Bamdad Marziyeh, Hutter Hans-Peter, Darvishy Alireza
Institute of Computer Science, Zurich University of Applied Sciences, 8400 Winterthur, Switzerland.
Department of Informatics, University of Zurich, 8050 Zurich, Switzerland.
Sensors (Basel). 2024 Dec 21;24(24):8164. doi: 10.3390/s24248164.

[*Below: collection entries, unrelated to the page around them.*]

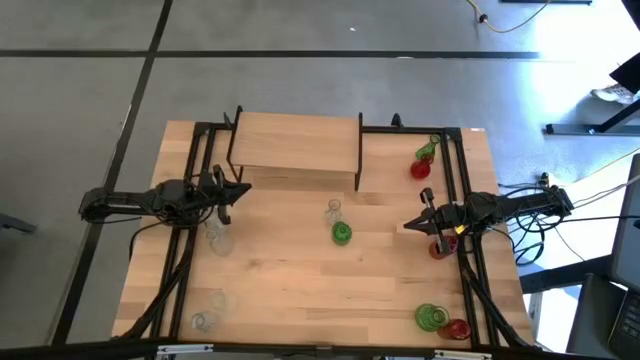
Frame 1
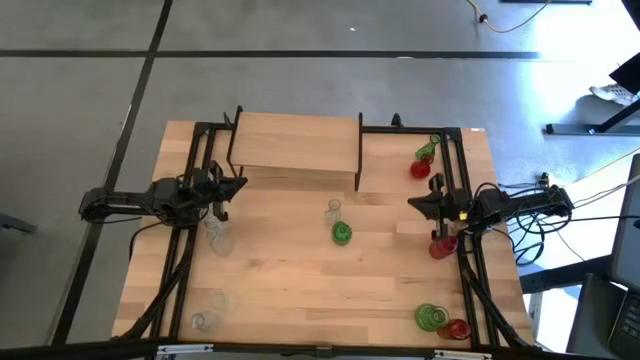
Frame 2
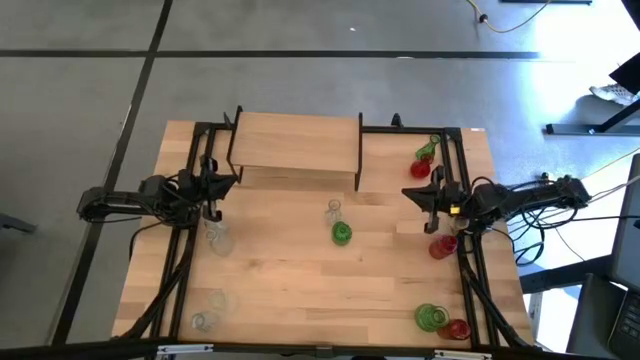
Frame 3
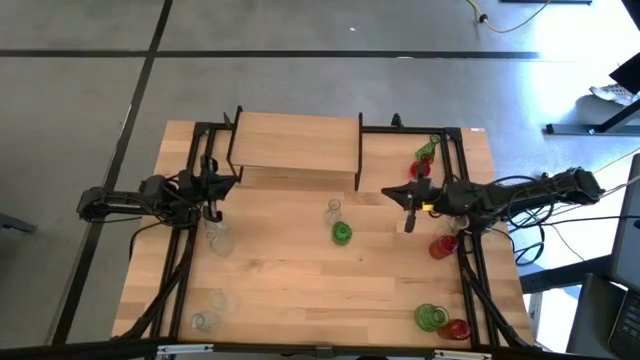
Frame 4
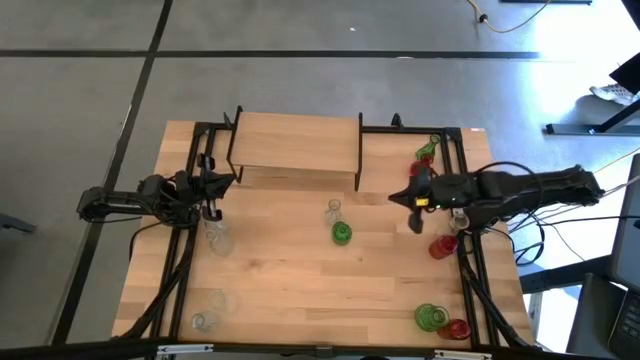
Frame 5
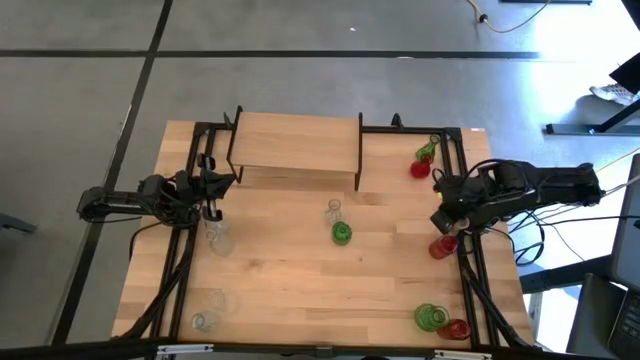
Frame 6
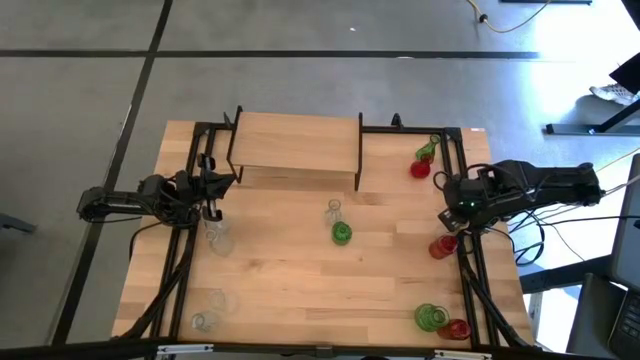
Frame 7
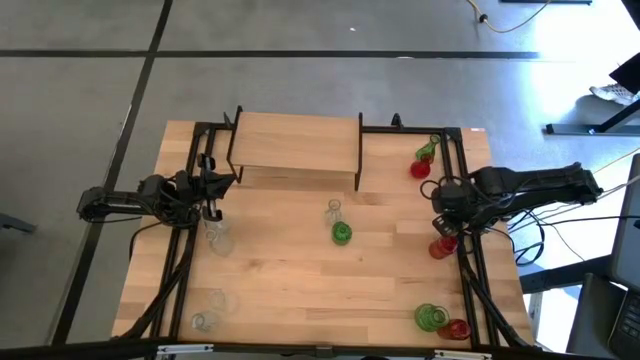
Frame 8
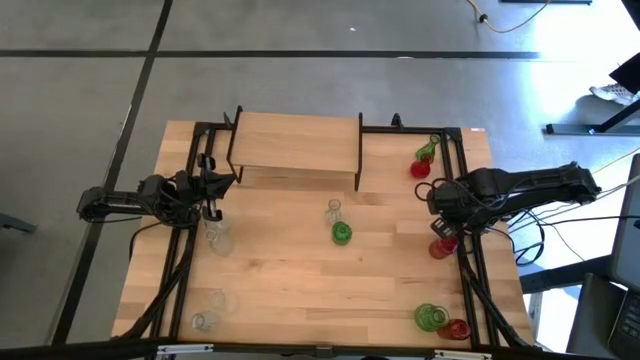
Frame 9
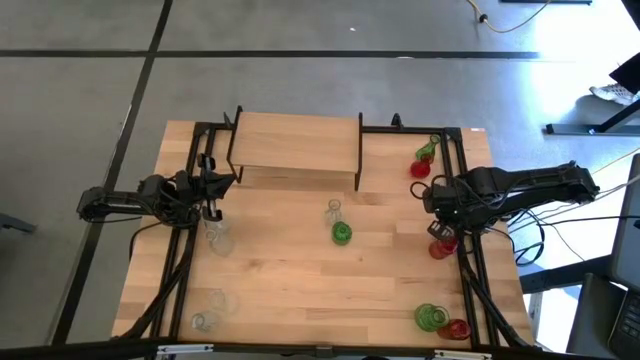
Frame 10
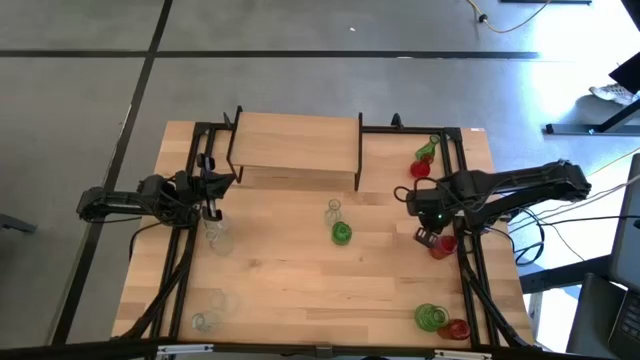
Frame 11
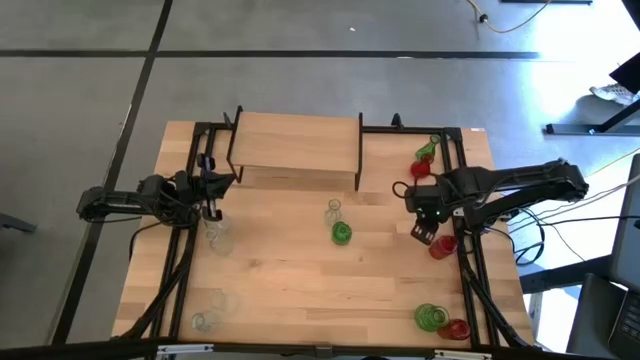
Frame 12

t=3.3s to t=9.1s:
Task: sort vases onto shelf
Adjust the transparent vase

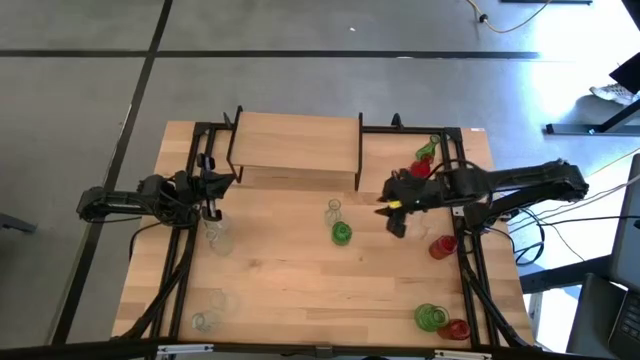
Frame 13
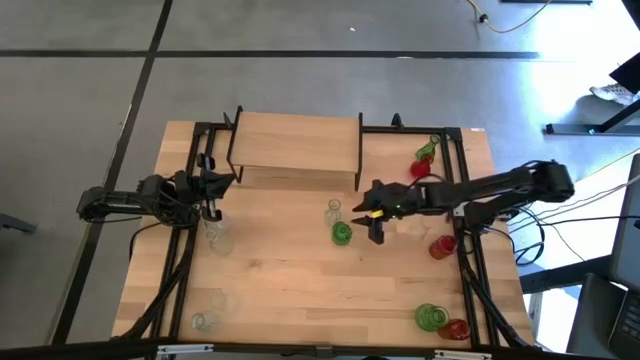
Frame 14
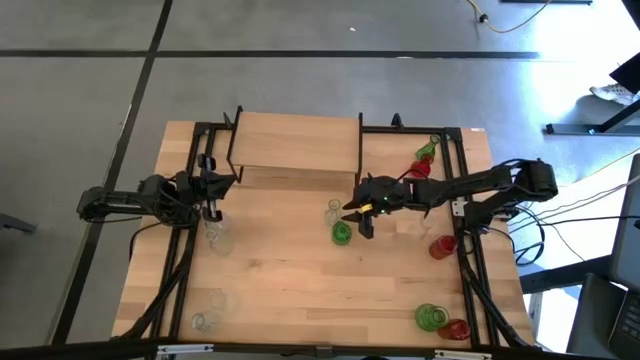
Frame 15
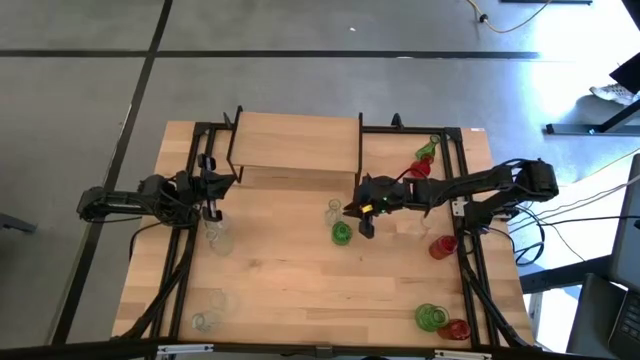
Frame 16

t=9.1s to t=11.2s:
Put the transparent vase on the shelf

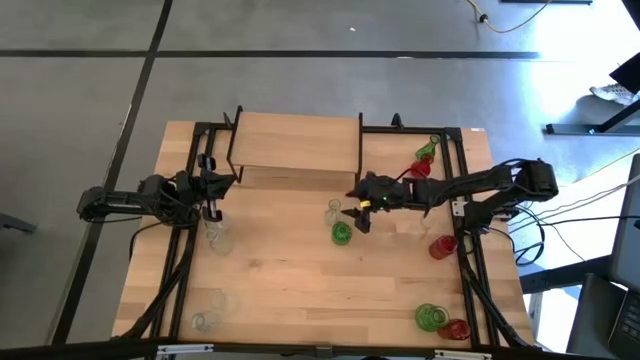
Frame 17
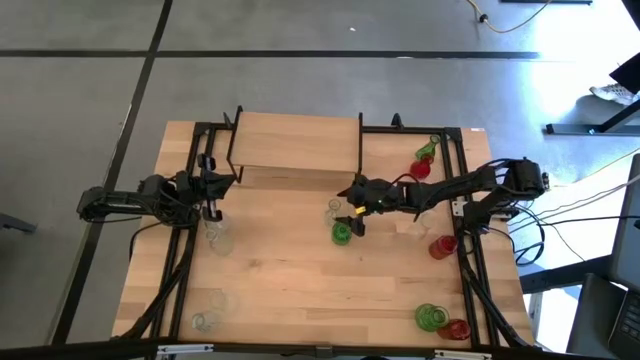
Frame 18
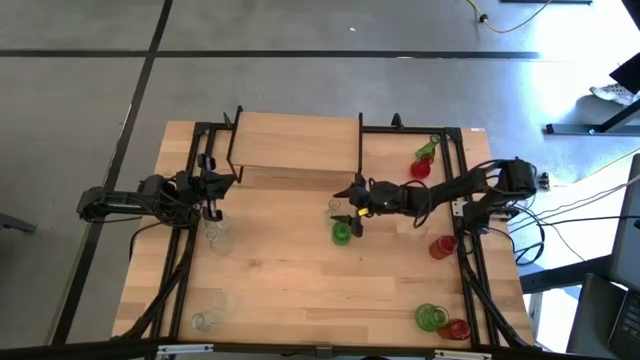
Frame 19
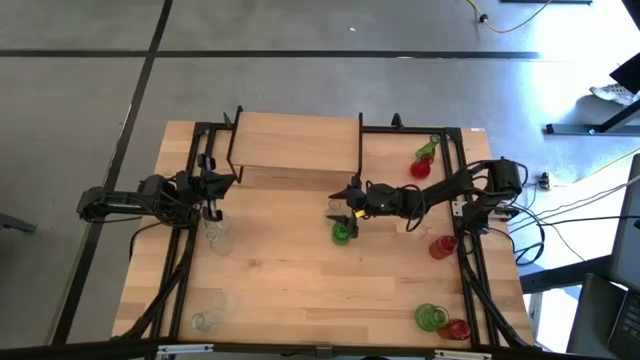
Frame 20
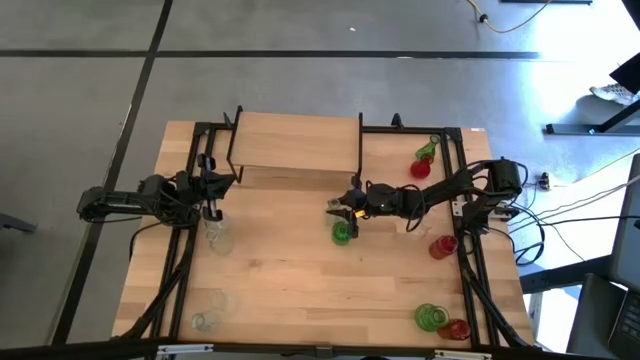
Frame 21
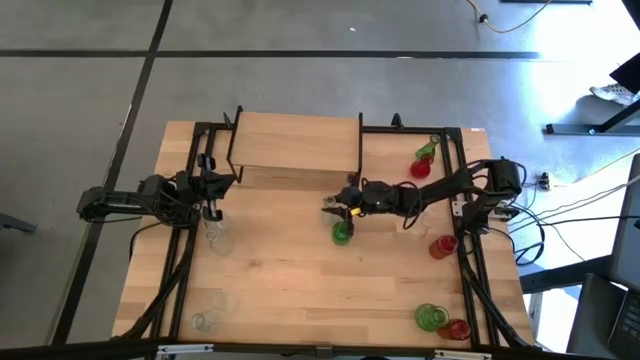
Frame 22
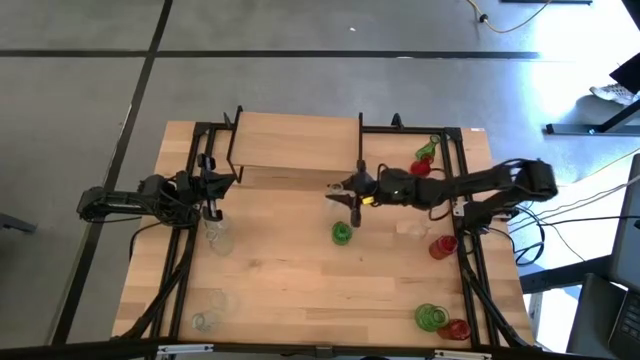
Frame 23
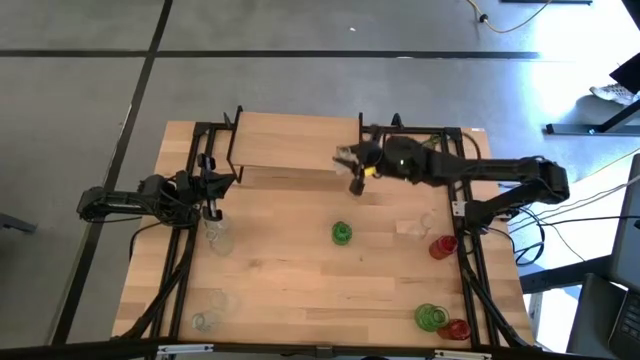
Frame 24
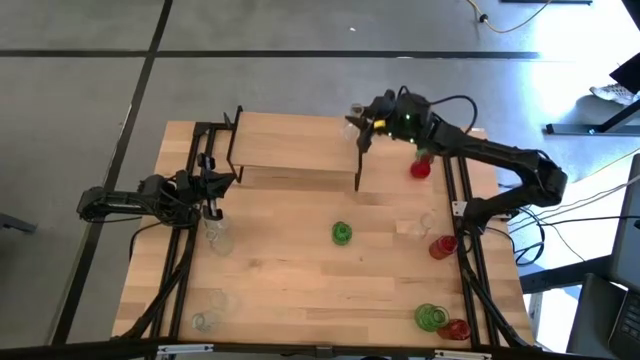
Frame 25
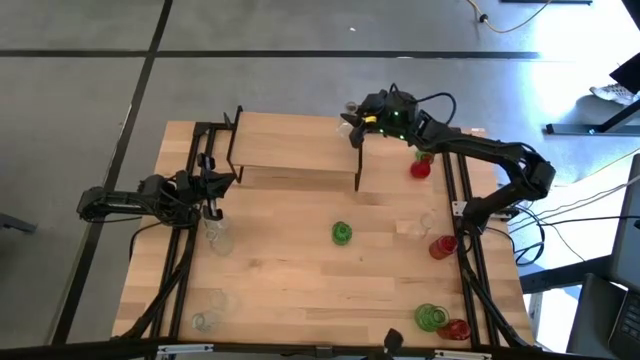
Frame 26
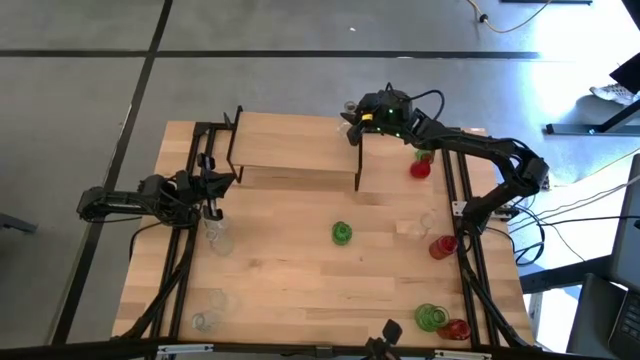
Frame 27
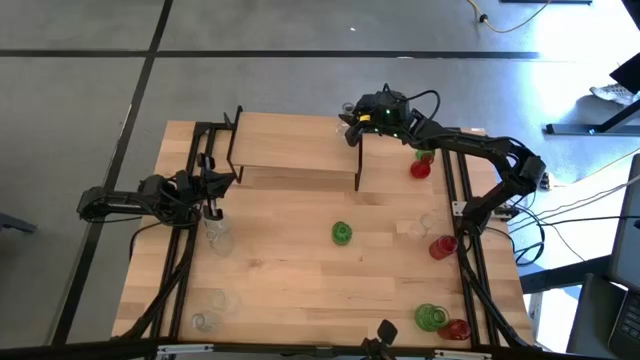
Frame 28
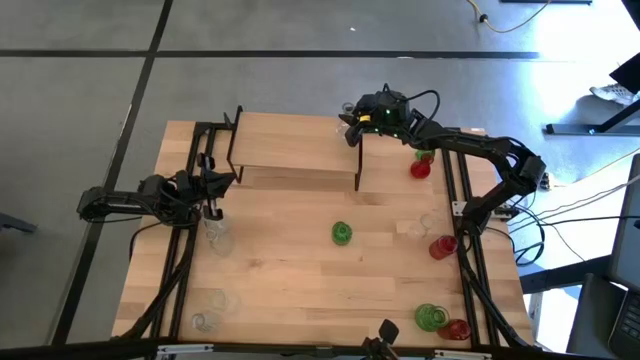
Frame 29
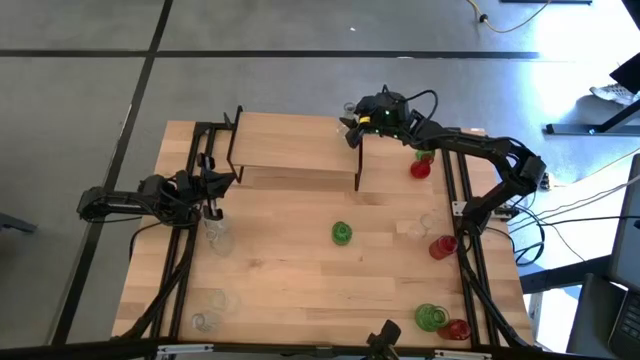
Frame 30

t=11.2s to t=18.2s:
Put the transparent vase on the shelf

Simultaneous localization and mapping (SLAM) techniques can be used to navigate the visually impaired, but the development of robust SLAM solutions for crowded spaces is limited by the lack of realistic datasets. To address this, we introduce InCrowd-VI, a novel visual-inertial dataset specifically designed for human navigation in indoor pedestrian-rich environments. Recorded using Meta Aria Project glasses, it captures realistic scenarios without environmental control. InCrowd-VI features 58 sequences totaling a 5 km trajectory length and 1.5 h of recording time, including RGB, stereo images, and IMU measurements. The dataset captures important challenges such as pedestrian occlusions, varying crowd densities, complex layouts, and lighting changes. Ground-truth trajectories, accurate to approximately 2 cm, are provided in the dataset, originating from the Meta Aria project machine perception SLAM service. In addition, a semi-dense 3D point cloud of scenes is provided for each sequence. The evaluation of state-of-the-art visual odometry (VO) and SLAM algorithms on InCrowd-VI revealed severe performance limitations in these realistic scenarios. Under challenging conditions, systems exceeded the required localization accuracy of 0.5 m and the 1% drift threshold, with classical methods showing drift up to 5-10%. While deep learning-based approaches maintained high pose estimation coverage (>90%), they failed to achieve real-time processing speeds necessary for walking pace navigation. These results demonstrate the need and value of a new dataset to advance SLAM research for visually impaired navigation in complex indoor environments.
同时定位与地图构建(SLAM)技术可用于帮助视障人士导航,但针对拥挤空间开发强大的SLAM解决方案受到缺乏真实数据集的限制。为了解决这个问题,我们引入了InCrowd-VI,这是一个专门为室内行人密集环境中的人类导航设计的新型视觉惯性数据集。该数据集使用Meta Aria Project眼镜录制,可在不受环境控制的情况下捕捉真实场景。InCrowd-VI包含58个序列,总轨迹长度为5公里,录制时间为1.5小时,包括RGB图像、立体图像和惯性测量单元(IMU)测量数据。该数据集捕捉了诸如行人遮挡、人群密度变化、复杂布局和光照变化等重要挑战。数据集中提供了精确到约2厘米的地面真值轨迹,这些轨迹来自Meta Aria项目的机器感知SLAM服务。此外,还为每个序列提供了场景的半密集三维点云。在InCrowd-VI上对先进的视觉里程计(VO)和SLAM算法进行的评估表明,在这些真实场景中存在严重的性能限制。在具有挑战性的条件下,系统超过了所需的0.5米定位精度和1%的漂移阈值,经典方法的漂移高达5%-10%。虽然基于深度学习的方法保持了较高的姿态估计覆盖率(>90%),但它们未能实现步行速度导航所需的实时处理速度。这些结果证明了一个新数据集对于推进复杂室内环境中视障人士导航的SLAM研究的必要性和价值。